What is Big Data
Data plays an enormous role in today’s world. As technology has evolved, data has grown also. Unlike traditional data, big data comes from many sources and is often unorganized. But what is big data exactly?
Big data typically refers to massive and often different sets of information. These pieces of information grow faster each second. Because it’s so big, the traditional way of storing data cannot process it. Simply put, this type of data can be defined with the three V’s: volume, velocity, and variety.
1. Volume – This refers to the amount of data. To determine the value of the data, the volume comes into play. The volume of the incoming data determines whether that piece of information is considered big data or not. It is estimated that 2.3 trillion gigabytes of data are created every day.
2. Velocity –Refers to the speed of data receiving. Because data never stops coming, it is vital to handle the upcoming information set in the near-real timeframe. Briefly, this is how fast the data is generated and processed. This is necessary so that one can meet the demands on the spot.
3. Variety – This is referring to the types of data available. Big data can come in a structured, semi-structured, and unstructured form.
There are two more components of big data. And those are:
This shows the uncertainty of data. Data comes from many different sources. This makes it difficult to link data to systems, to match it, and to transform it.
If data is not organized, it can quickly get out of control. The uncertainty also is connected to how much the data presented is trustworthy. Sometimes data can be imprecise, uncertain, and unreliable.
Data is inconsistent. This means that much of the data comes at varying speeds and from unreliable sources.
Why is Big Data crucial to data science?
Big data has an enormous amount of uses. For example, big data is mainly used in customer service. Many old feedback systems are replaced with data collecting systems that bring much more reliable information to companies.
For example, they can use the data to see what their customers’ needs are. They can evaluate what kind of precuts are typically purchased and the timeframe of their customers’ transactions.
Companies and organizations also use big data to improve and develop their user experience. They also use it to make future predictions and detect data patterns that point to frauds and schemes.
Machine learning is a discipline in data science. Big data is also applied in machine learning. Instead of traditional programming, we now use data to them to teach them how to function. We train machines by feeding them datasets and making algorithms that enable devices in problem-solving and decision making.
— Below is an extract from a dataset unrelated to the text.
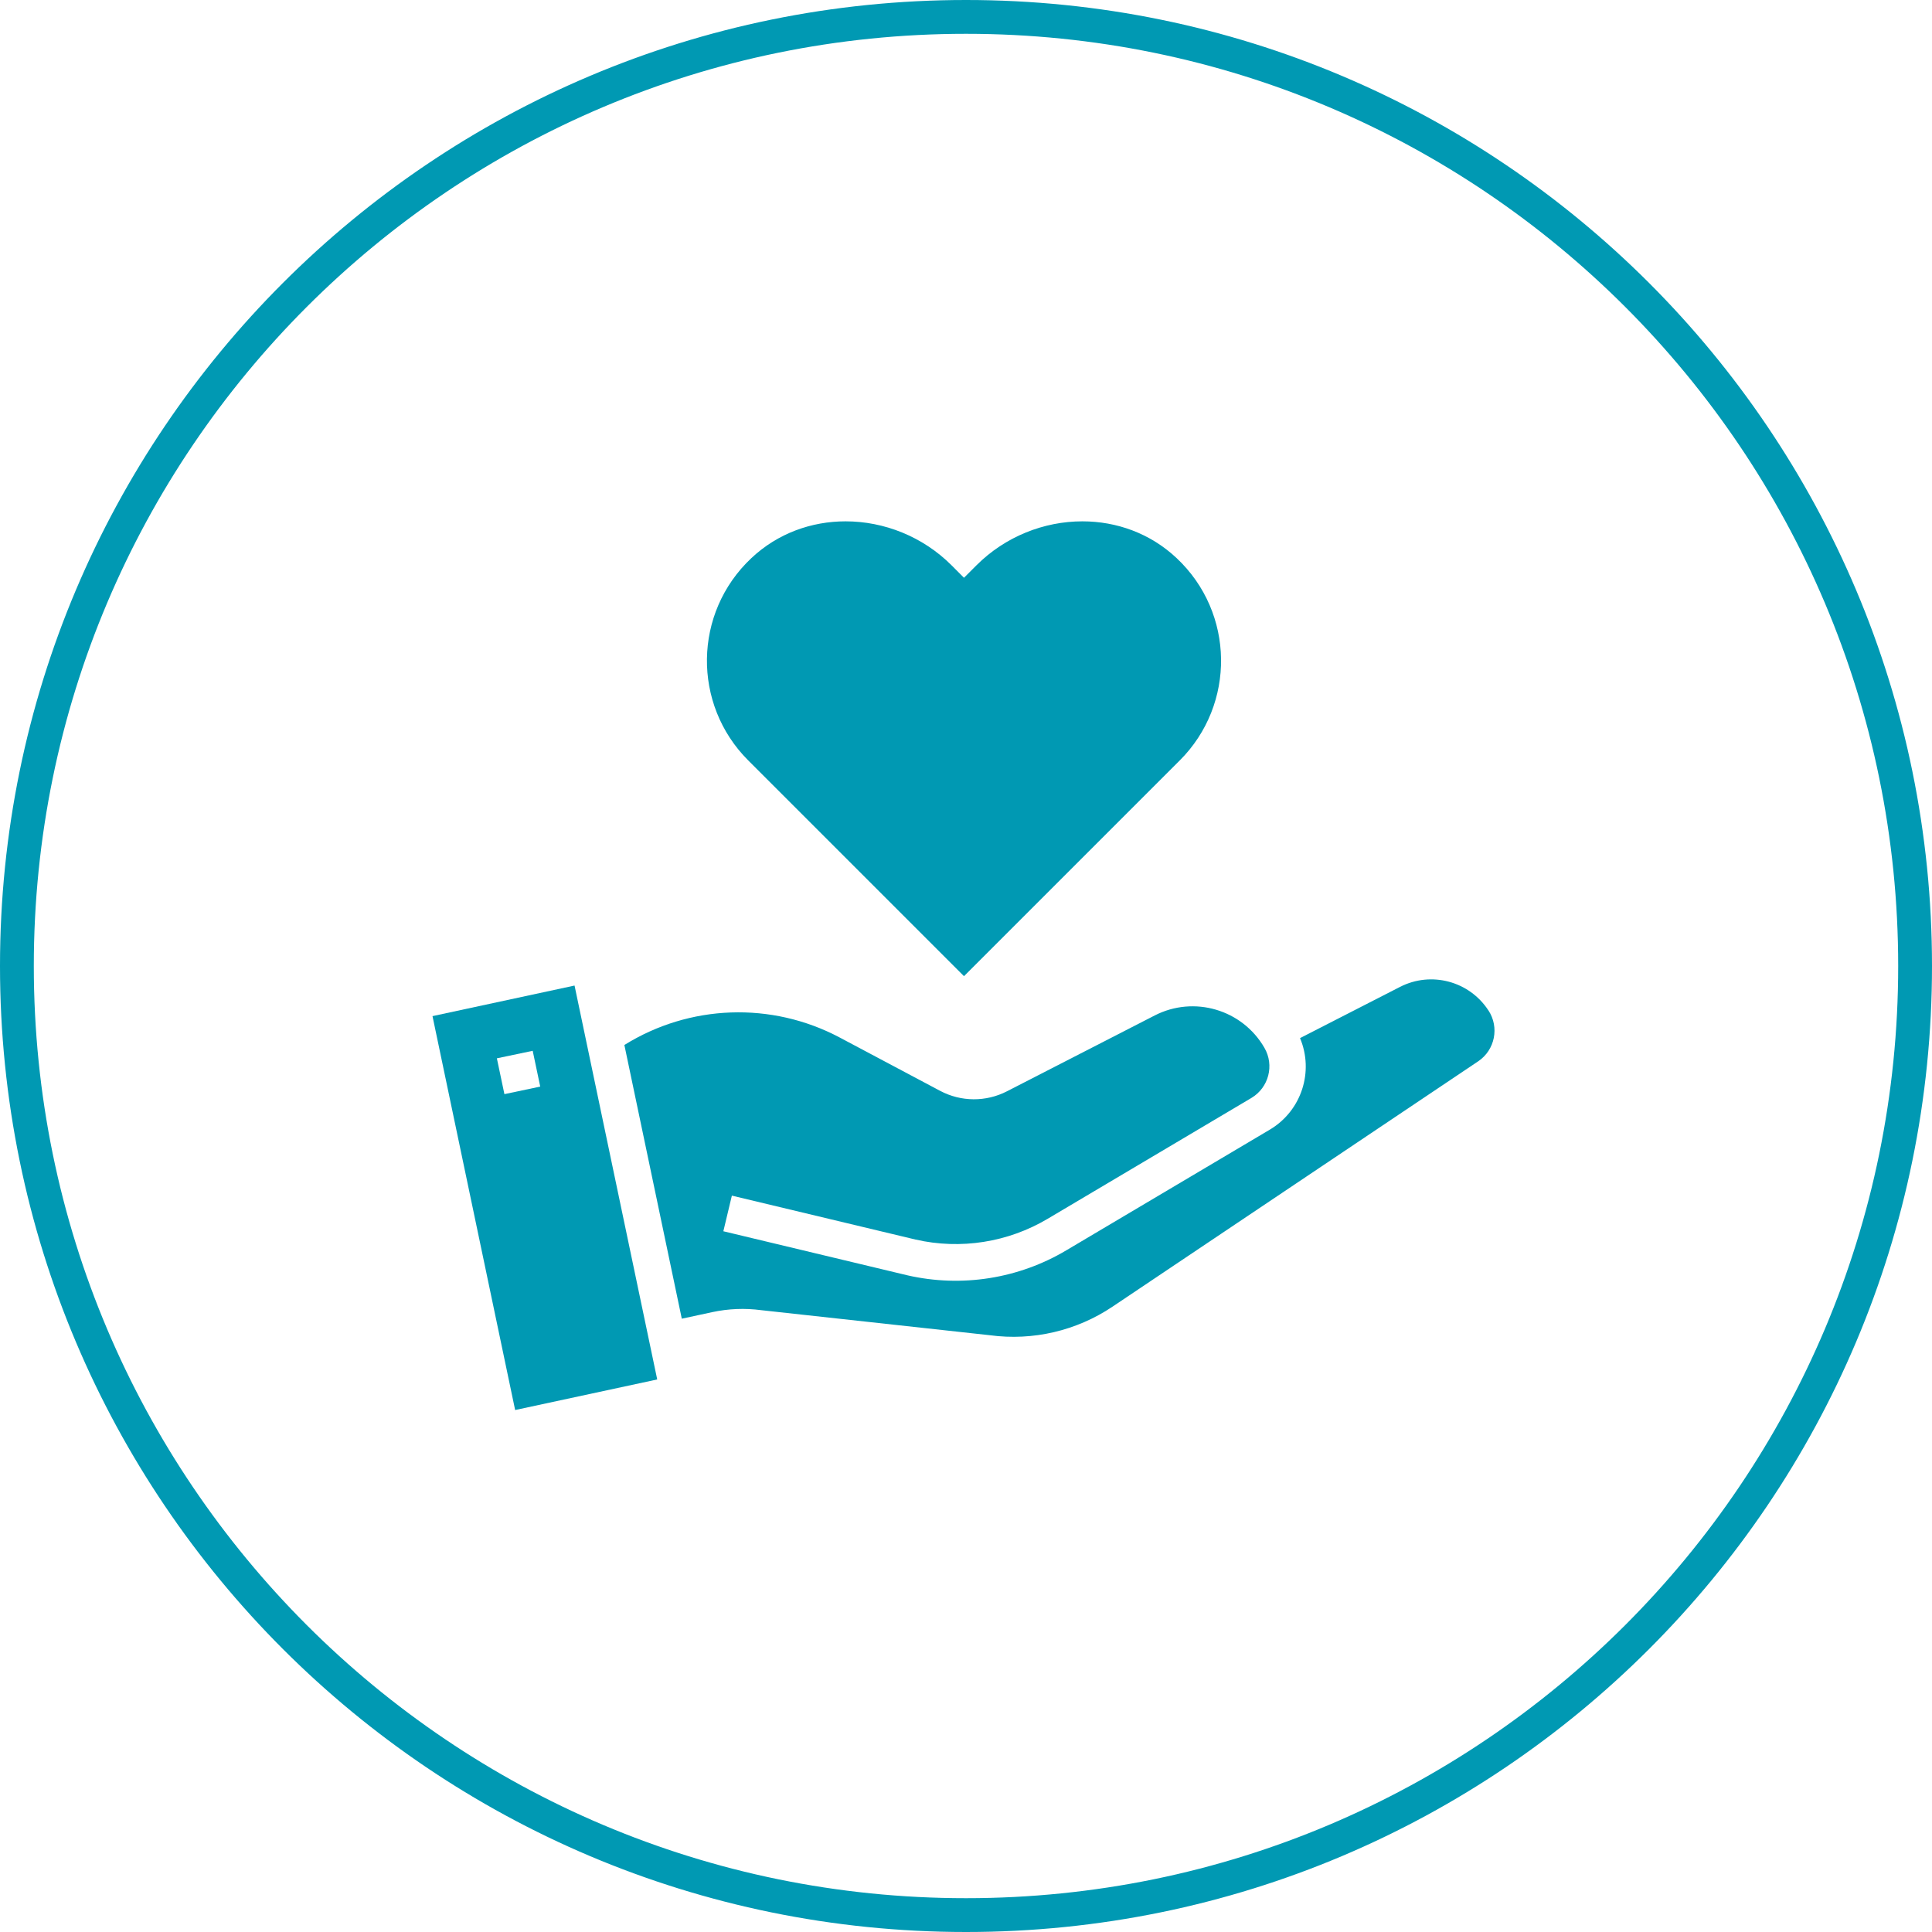 <svg xmlns="http://www.w3.org/2000/svg" xmlns:xlink="http://www.w3.org/1999/xlink" width="2000" zoomAndPan="magnify" viewBox="0 0 1500 1500" height="2000" preserveAspectRatio="xMidYMid meet" version="1.0"><defs><clipPath id="8559b5b038"><path d="M 750 0 C 335.785 0 0 335.785 0 750 C 0 1164.215 335.785 1500 750 1500 C 1164.215 1500 1500 1164.215 1500 750 C 1500 335.785 1164.215 0 750 0 Z M 750 0 " clip-rule="nonzero"/></clipPath><clipPath id="c539e84baf"><path d="M 335 765 L 511 765 L 511 1094.902 L 335 1094.902 Z M 335 765 " clip-rule="nonzero"/></clipPath><clipPath id="c0d3b62eb1"><path d="M 548 404.906 L 949 404.906 L 949 758 L 548 758 Z M 548 404.906 " clip-rule="nonzero"/></clipPath></defs><g clip-path="url(#8559b5b038)"><path stroke-linecap="butt" transform="matrix(0.75, 0, 0, 0.75, 0, -0)" fill="none" stroke-linejoin="miter" d="M 1000 0 C 447.714 0 -0 447.714 -0 1000 C -0 1552.287 447.714 2000 1000 2000 C 1552.286 2000 2000 1552.287 2000 1000 C 2000 447.714 1552.286 0 1000 0 Z M 1000 0 " stroke="#0099b3" stroke-width="70" stroke-opacity="1" stroke-miterlimit="4"/></g><path fill="#0099b3" d="M 1155.57 784.445 C 1140.754 761.75 1111.219 753.867 1087.062 766.184 L 1009.344 805.988 C 1020.297 832.098 1010.426 862.297 986.156 876.883 L 827.953 970.707 C 790.84 992.816 746.656 999.77 704.559 990.164 L 561.609 955.945 L 568.219 928.285 L 710.887 962.406 C 745.879 970.363 782.578 964.586 813.441 946.246 L 971.621 852.426 C 985.074 844.391 989.547 827.039 981.684 813.508 C 964.52 783.781 927.043 772.738 896.5 788.406 L 781.781 847.289 C 765.488 855.664 746.125 855.531 729.945 846.949 L 651.754 805.418 C 599.008 777.531 535.406 779.766 484.762 811.332 L 529.344 1023.832 L 553.082 1018.715 C 565.547 1016.043 578.395 1015.531 591.031 1017.219 L 768.594 1036.676 C 801.996 1041.148 835.871 1033.23 863.836 1014.434 L 1147.766 823.93 C 1160.727 815.121 1164.211 797.559 1155.609 784.465 L 1155.57 784.445 " fill-opacity="1" fill-rule="nonzero"/><g clip-path="url(#c539e84baf)"><path fill="#0099b3" d="M 391.621 849.488 L 385.77 821.676 L 413.582 815.84 L 419.434 843.633 Z M 335.789 788.918 L 399.957 1094.746 L 510.262 1071.008 L 446.074 765.18 L 335.789 788.918 " fill-opacity="1" fill-rule="nonzero"/></g><g clip-path="url(#c0d3b62eb1)"><path fill="#0099b3" d="M 913.57 433.355 C 893.07 414.027 866.812 404.766 840.344 404.766 C 810.578 404.766 780.492 416.512 758.062 438.961 L 748.438 448.586 L 738.812 438.926 C 716.398 416.512 686.312 404.766 656.527 404.766 C 630.078 404.766 603.82 414.027 583.32 433.355 C 538.191 475.812 537.395 546.859 580.895 590.359 L 748.438 757.902 L 915.996 590.359 C 959.496 546.859 958.703 475.812 913.57 433.355 " fill-opacity="1" fill-rule="nonzero"/></g></svg>

This is exceptionally impressive as those same machines are able to learn from patterns, behaviors, and experiences. This is allowing them to act accordingly without any human intervention or being explicitly programmed for it.
The more data we feed into machines, the more effective they become. We get two benefits when we combine big data with machine learning. First, the set instructions and algorithms enable us to keep pace with the never-ending data influx. At the same time, the volume and the variety of that same data help the algorithms grow in size.
Here are some examples of how big data and ML complement one another:
Many companies are beginning to use technology to improve the novel level of performance. Not only that but to enhance the usage of resources and to safely and reliably produce and refine oil. They employ AI technology to discuss and predict conditions at each site. They use sensors to facilitate prognostic preservation and power, operations, and industry optimization.
Many machines, such as cars, are connected with data-generating devices that collect data in many ways. For example, let’s take Volvo. Volvo takes the gathered data to predict when their product’s pat would fail. Not just that but also to indicate when the cars will need servicing. It also upholds an impressive safety record. It does that by monitoring vehicle performance during dangerous situations. This is also used to get better at driver and passenger convenience.
Many social media platforms like Instagram and Twitter, use AI to detect and block offensive content from occurring. They automatically block posts and comments that contain cyberbullying content. As the quantity of content advances in the terrace, artificial intelligence is decisive to dispense users of the platform knowledge they might relish, battle spam, and improve the user experience.
In summary, big data is one crucial aspect of modern life. It transforms industries and the overall experiences of people. It has a positive impact. Not only that, but it also has the ability and potential to grow even bigger and better.